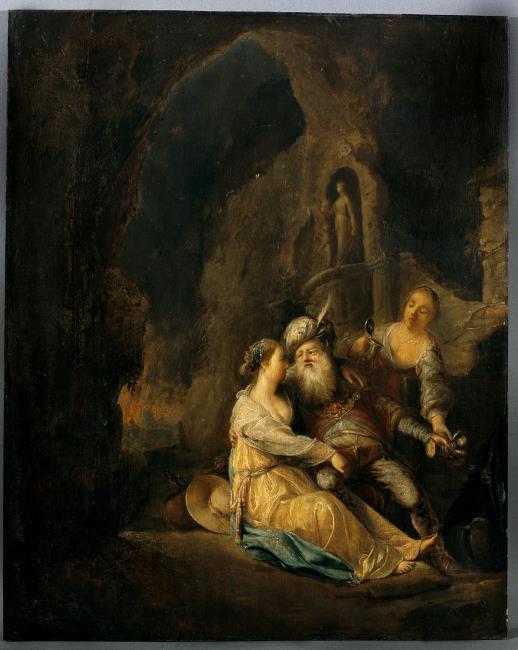
Title: Lot en zijn dochters (Genesis 19:30-38)
Artist: Karel van Mander (III)
Earliest date: 1640
Latest date: 1640
Genre: painting
Keywords: Old Testament and Apocrypha, cave, old man, drinking, turban
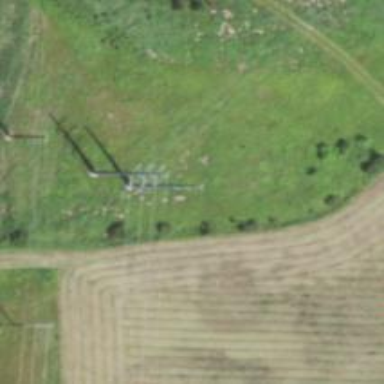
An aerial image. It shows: Power tower.
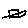
Label: square
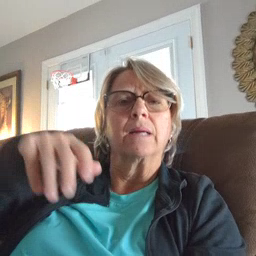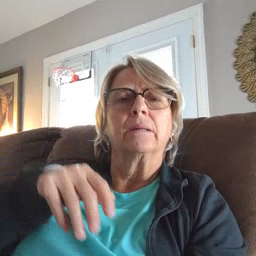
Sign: rain
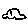
Label: car
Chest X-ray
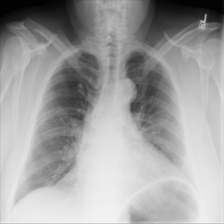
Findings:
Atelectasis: negative
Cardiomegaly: negative
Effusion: negative
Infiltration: negative
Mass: negative
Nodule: negative
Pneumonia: negative
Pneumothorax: negative
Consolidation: negative
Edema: negative
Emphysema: negative
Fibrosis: negative
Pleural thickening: negative
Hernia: negative
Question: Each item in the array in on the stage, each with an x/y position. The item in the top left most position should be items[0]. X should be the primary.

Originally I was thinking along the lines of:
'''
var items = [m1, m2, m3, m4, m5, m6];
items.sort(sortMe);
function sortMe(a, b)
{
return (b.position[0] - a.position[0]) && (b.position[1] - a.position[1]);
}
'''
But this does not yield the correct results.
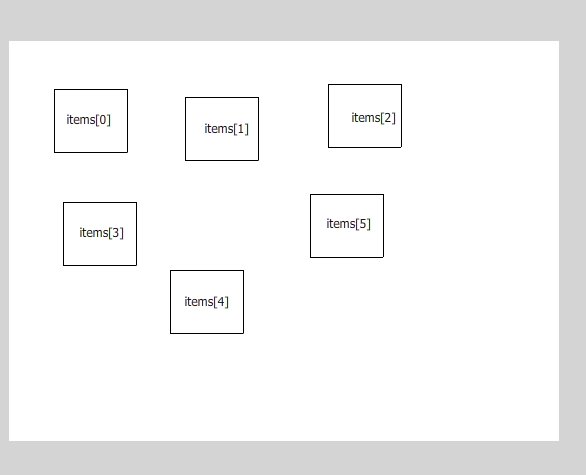
Answer: 'sort()' should return either '0' or a negative/positive number.
This sorts with 'X' taking precedence:
'''
function sortByPosition(a, b){
if (a.x == b.x) return a.y - b.y;
return a.x - b.x;
}
'''
This with 'Y' taking precedence (the "natural" order):
'''
function sortByPosition(a, b){
if (a.y == b.y) return a.x - b.x;
return a.y - b.y;
}
'''
Which means you just need to replace your '&&' with '||':
'''
return a.x - b.x || a.y - b.y
'''
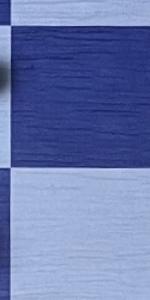
Label: Empty
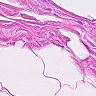
Metastatic tissue present: no
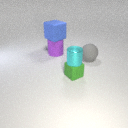
large purple rubber cylinder to the left of small green rubber cube
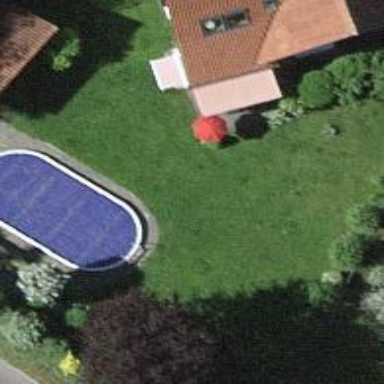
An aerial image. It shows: Swimming pool located in leisure land.
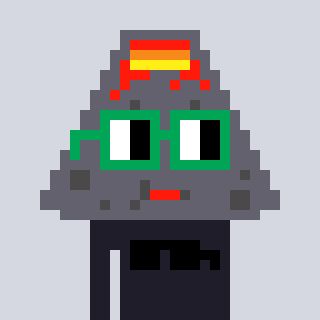
a pixel art character with square green glasses, a volcano-shaped head and a grayscale-colored body on a cool background
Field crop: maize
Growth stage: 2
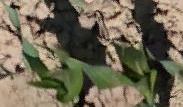
Species: maize
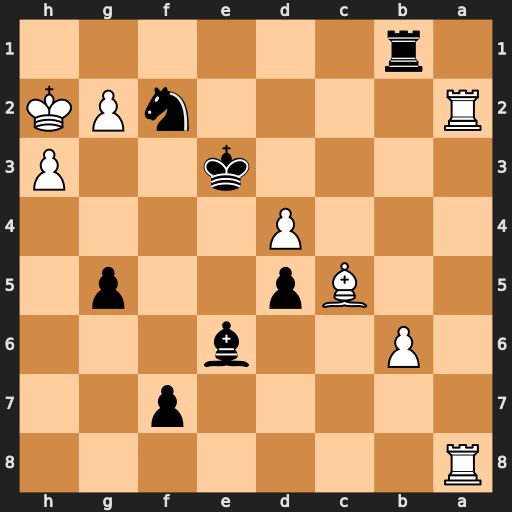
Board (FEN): R7/5p2/1P2b3/2Bp2p1/3P4/4k2P/R4nPK/1r6
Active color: b
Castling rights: -
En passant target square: -
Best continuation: Rh1+ Kg3 Ne4#
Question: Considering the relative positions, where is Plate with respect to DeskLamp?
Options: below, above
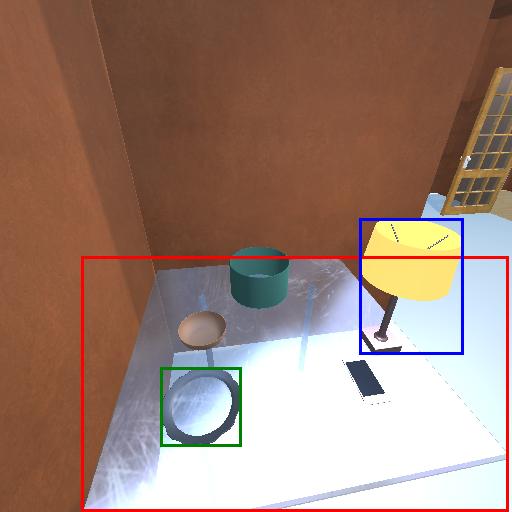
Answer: below
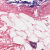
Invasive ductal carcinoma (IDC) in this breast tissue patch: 0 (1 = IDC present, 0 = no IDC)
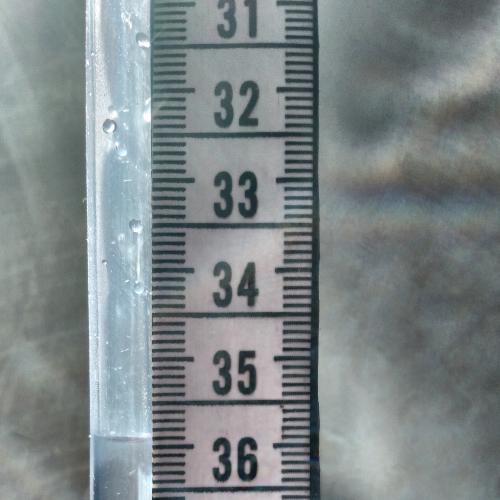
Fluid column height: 35.9 cm
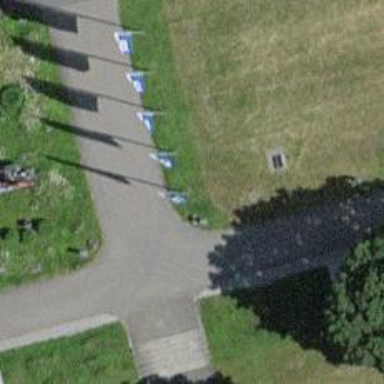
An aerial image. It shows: Flagpole structure.
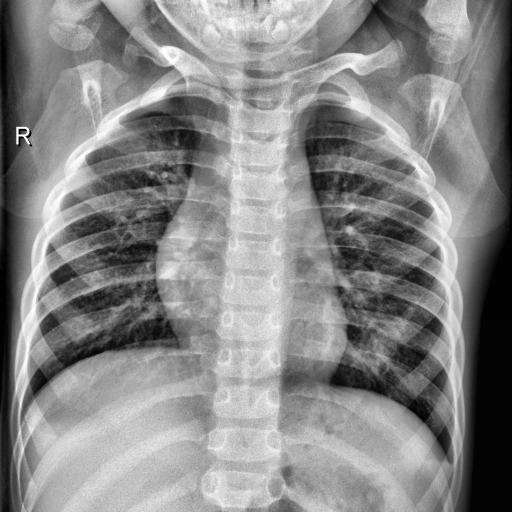
Finding: NORMAL
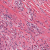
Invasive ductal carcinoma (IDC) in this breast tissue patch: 0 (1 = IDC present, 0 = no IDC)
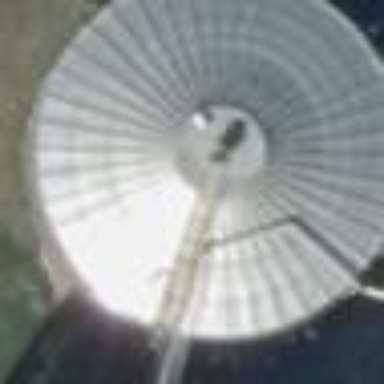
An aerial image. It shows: Storage tank with man-made structure.
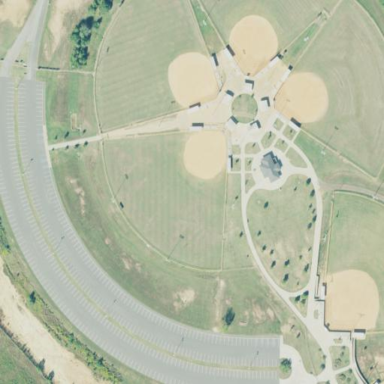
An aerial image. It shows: Softball pitch for leisure sports.
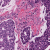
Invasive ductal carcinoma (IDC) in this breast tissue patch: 1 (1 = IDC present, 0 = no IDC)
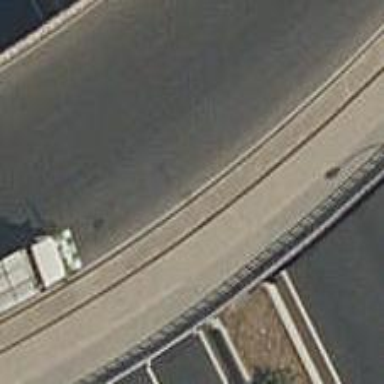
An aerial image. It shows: Asphalt road on secondary bridge that leads to roundabout.
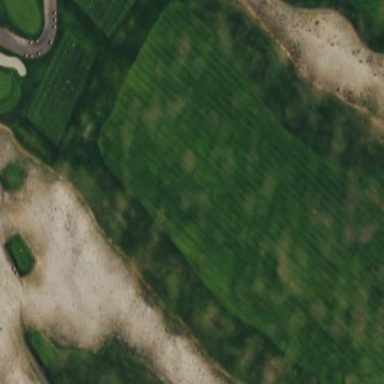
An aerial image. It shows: Golf rough area.
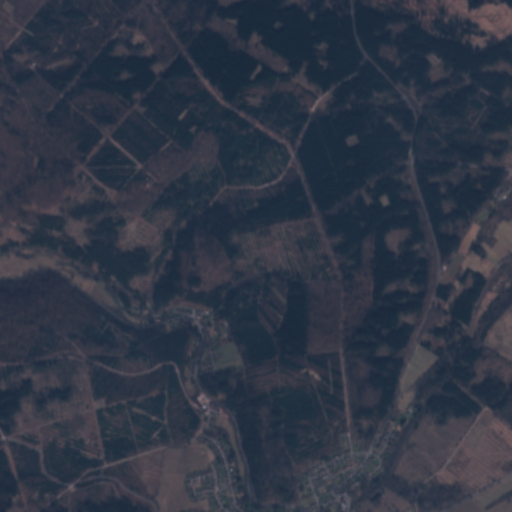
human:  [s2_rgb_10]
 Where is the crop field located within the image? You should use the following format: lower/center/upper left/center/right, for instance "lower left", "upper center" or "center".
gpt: The crop field is located in the lower right of the image.
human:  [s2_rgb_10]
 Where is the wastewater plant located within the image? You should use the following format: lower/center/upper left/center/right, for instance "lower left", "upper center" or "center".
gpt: The wastewater plant is located in the center left of the image.
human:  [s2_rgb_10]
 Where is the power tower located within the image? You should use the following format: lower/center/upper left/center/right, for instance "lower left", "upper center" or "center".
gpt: There is no power tower in the image.
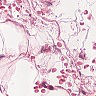
Metastatic tissue present: no
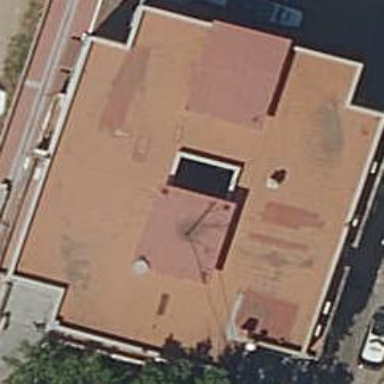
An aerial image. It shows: Police building.
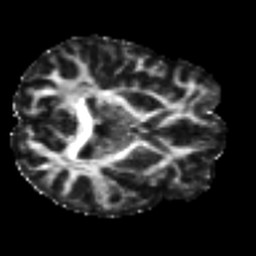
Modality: FA
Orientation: axial
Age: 22
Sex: female
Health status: ill
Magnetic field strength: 3 T
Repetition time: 8.4 s
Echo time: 0.0926 s
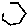
Label: hexagon
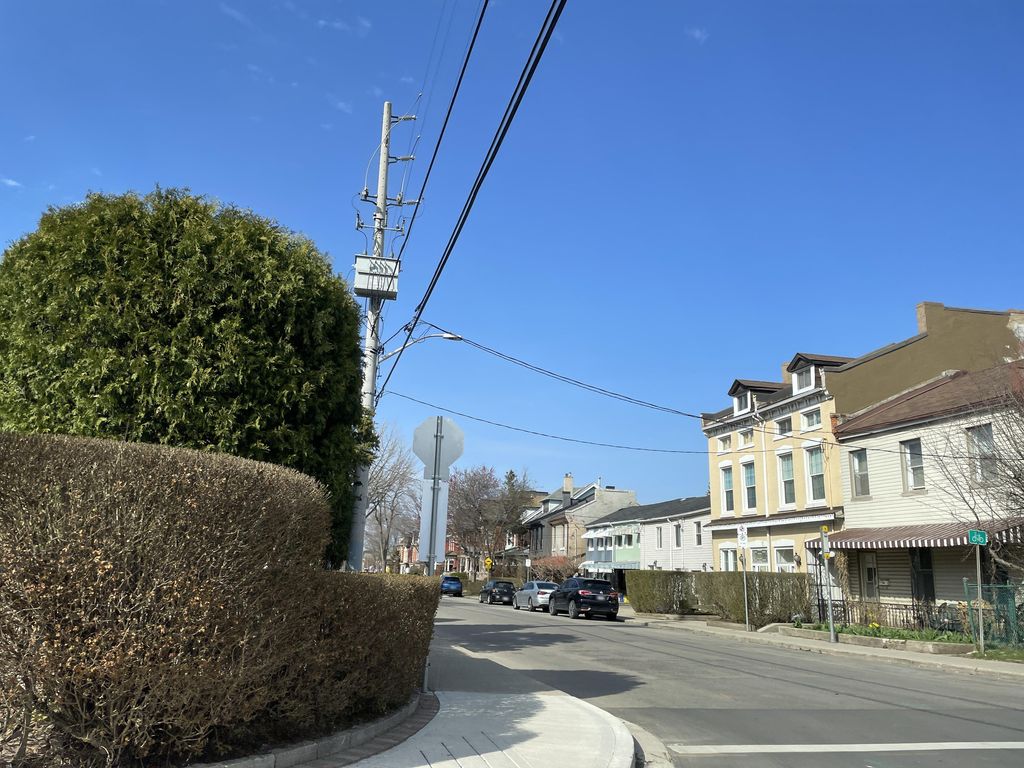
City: hamilton
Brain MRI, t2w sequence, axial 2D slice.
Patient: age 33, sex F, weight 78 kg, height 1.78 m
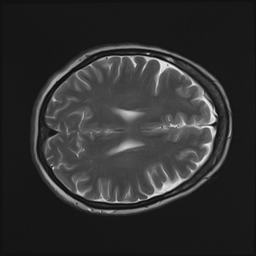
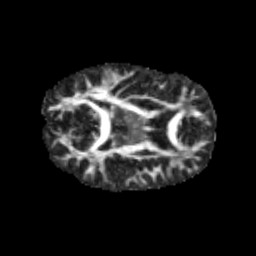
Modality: FA
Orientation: axial
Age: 10
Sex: male
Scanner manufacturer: siemens
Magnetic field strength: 3 T
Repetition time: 3.8 s
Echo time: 0.07 s
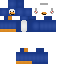
A male animal skin with dark skin, wearing brown helmet dressed in a blue hoodie and brown pants, featuring a closed mouth.
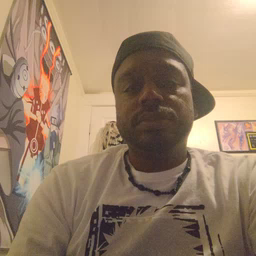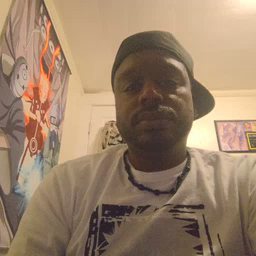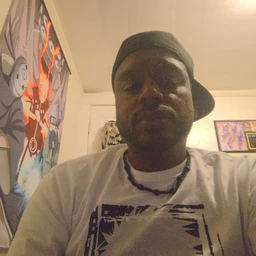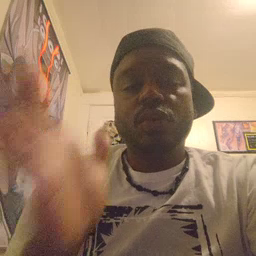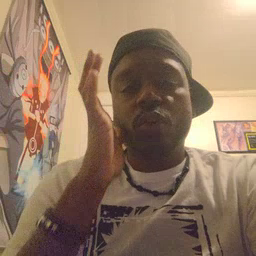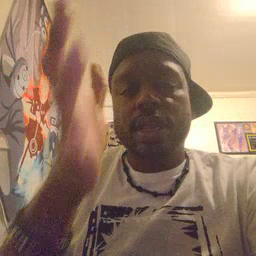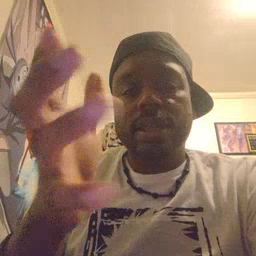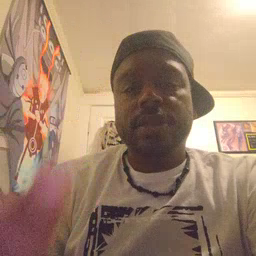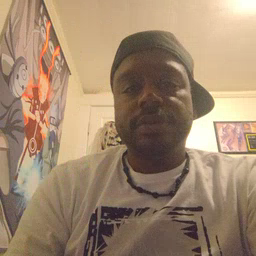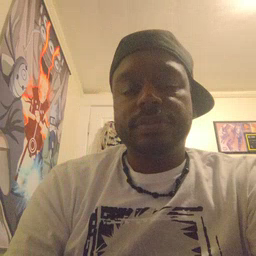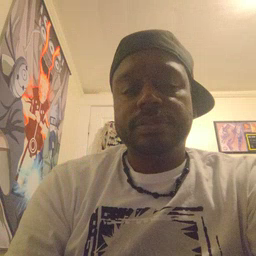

■ What is being asked ■
Copy out every line of the listing where the word "following" occurs.

■ Answer space ■
 Where is the crop field located within the image? You should use the following format: lower/center/upper left/center/right, for instance "lower left", "upper center" or "center".
 Where is the wastewater plant located within the image? You should use the following format: lower/center/upper left/center/right, for instance "lower left", "upper center" or "center".
 Where is the power tower located within the image? You should use the following format: lower/center/upper left/center/right, for instance "lower left", "upper center" or "center".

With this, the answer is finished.